Monday, January 13, 2014

Hospital Pains and Payers

I came across a report today on the costs of inpatient hospital costs in the United States from the Agency for Healthcare Research and Quality.

This Statistical Brief entitled, "National Inpatient Hospital Costs: The Most Expensive Conditions by Payer, 2011" provides the distribution of inpatient costs by primary payer as well as illustrating which conditions accounted for the largest percentage of each payer's hospital costs.

Who are the payers?  The primary payers are Medicare, Medicaid, private insurance and the uninsured.

What about the costs to provide the care?  The hospital costs represent the hospital's cost to provide the service-not what the hospital is paid for the service.  It also does not include physician fees associated with the hospitalization.

Here are some of the interesting factoids I found in the report.

  • In 2011, inpatient hospital costs totaled $387 billion for nearly 39 million hospital stays.
  • Nearly 2/3 of inpatient hospital costs were for individuals on Medicare ($183 billion) and Medicaid ($60 billion).
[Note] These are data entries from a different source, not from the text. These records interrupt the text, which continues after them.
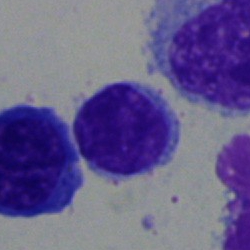Specimen: bone marrow smear.
Morphological class: lymphocyte.
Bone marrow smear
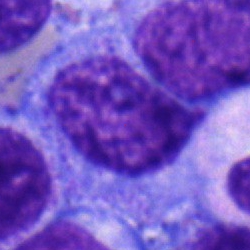

Morphological class — progranulocyte.
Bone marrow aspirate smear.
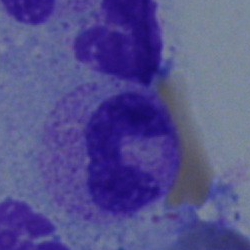 Cell type = band neutrophil.
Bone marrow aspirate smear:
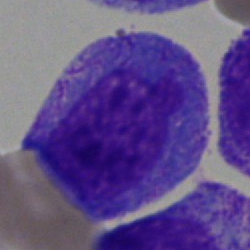
Single cell identified as a promyelocyte.
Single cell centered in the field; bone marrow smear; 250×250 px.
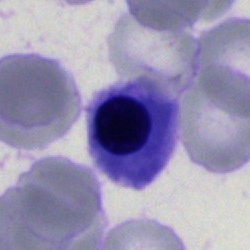
The morphological class is nucleated red blood cell.
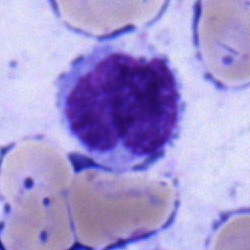Single cell identified as a monocyte.
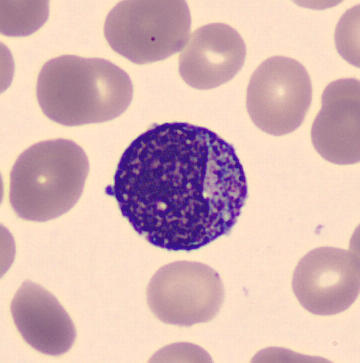

Q: Which cell type is shown here?
A: A myelocyte.
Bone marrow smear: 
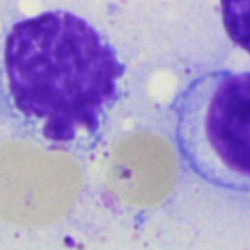 Morphology consistent with an artefact.
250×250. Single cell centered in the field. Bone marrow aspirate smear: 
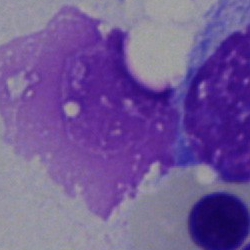 The cell is artefact.
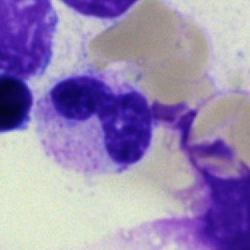

Q: What type of cell is this?
A: It is a segmented neutrophil.
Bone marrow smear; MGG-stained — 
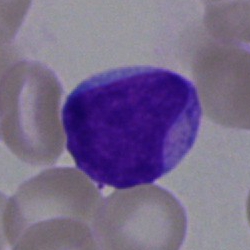

Blast cell.
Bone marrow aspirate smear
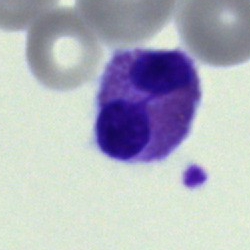 An eosinophil.
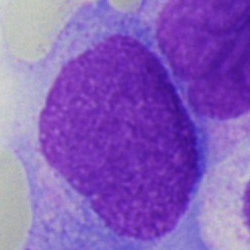

Classification = undifferentiated blast.
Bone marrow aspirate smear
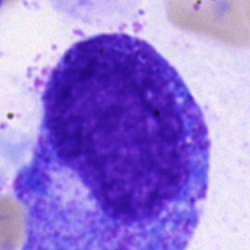

A promyelocyte.
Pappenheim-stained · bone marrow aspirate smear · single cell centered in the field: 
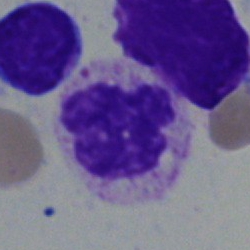Morphology consistent with a segmented neutrophil.
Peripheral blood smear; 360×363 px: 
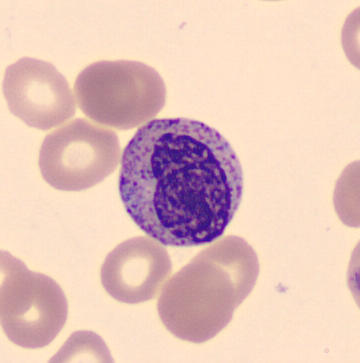
The cell shown is a myelocyte.
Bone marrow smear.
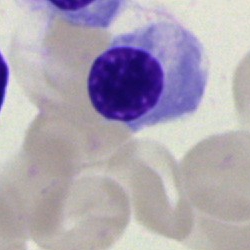 Cell type = nucleated red blood cell.

Private insurance only accounted for 29 percent of hospital costs and only 4 percent for those who were uninsured.

  • The most expensive condition treated in U.S hospitals is septicemia that consumes over $20 billion in hospital costs and in which over 1 million hospitalizations result.  Osteoarthritis is the second most expensive condition followed by complication of devices, implants and grafts.  It is interesting that conditions #1 and #3 often result from previous interventions in the hospital to begin with.
  • Costs relating to liveborn babies is fourth on the list of conditions.  However, this involves almost 4 million discharges compared to 1 million cases of septicemia.
  • The high number of cases and costs for septicemia, osteoarthritis and complication of devices, implants, the result of a huge number of the cases being Medicare-related. These conditions represent three of the top four high cost conditions for Medicare. Congestive heart failure is the fourth.  
  • Liveborn births is ranked #1 in Medicaid costs accounting for 10% of total hospital costs on 1.7 million hospital discharges.  This is almost 50% of total costs for births nationally!!
  • Mood disorders is the fourth-ranked condition in terms of costs for Medicaid.
  • Liveborn costs are also the highest total hospitalization cost for private insurance but it represents only 5% of total private insurance costs.
  • Osteoarthritis and back disorders ranks #2 and #3 in expensive conditions for private insurance. Interestingly, neither of these conditions show up in the Top 20 for Medicaid.  
  • The #1 high cost condition billed to the uninsured are heart attacks and strokes at #3.  This suggests that due to lack of insurance coverage the uninsured neglected preventive care to a greater extent than others with coverage.  At the same time, it is interesting that liveborn costs were #20 on the list of the uninsured.  Could it be that the lack of health insurance is very effective birth control?

What I found interesting in looking at the report was that total inpatient costs billed to uninsured patients totaled only $17 billion for 2011 representing only 4% of total inpatient costs.  And to think that the country went through Obamacare principally because of these "high" hospitals costs that were being transferred to the rest of us?  It truly boggles the mind when you look at the data.

In addition, there are many liberals that believe that the country needs "Medicare for All".  Again, looking at the data, almost 2/3 of inpatient healthcare costs are for individuals on Medicare and Medicaid.  Only 29% of costs are incurred for private insurance.  It almost seems that we are not too far from "Medicare for All" anyway.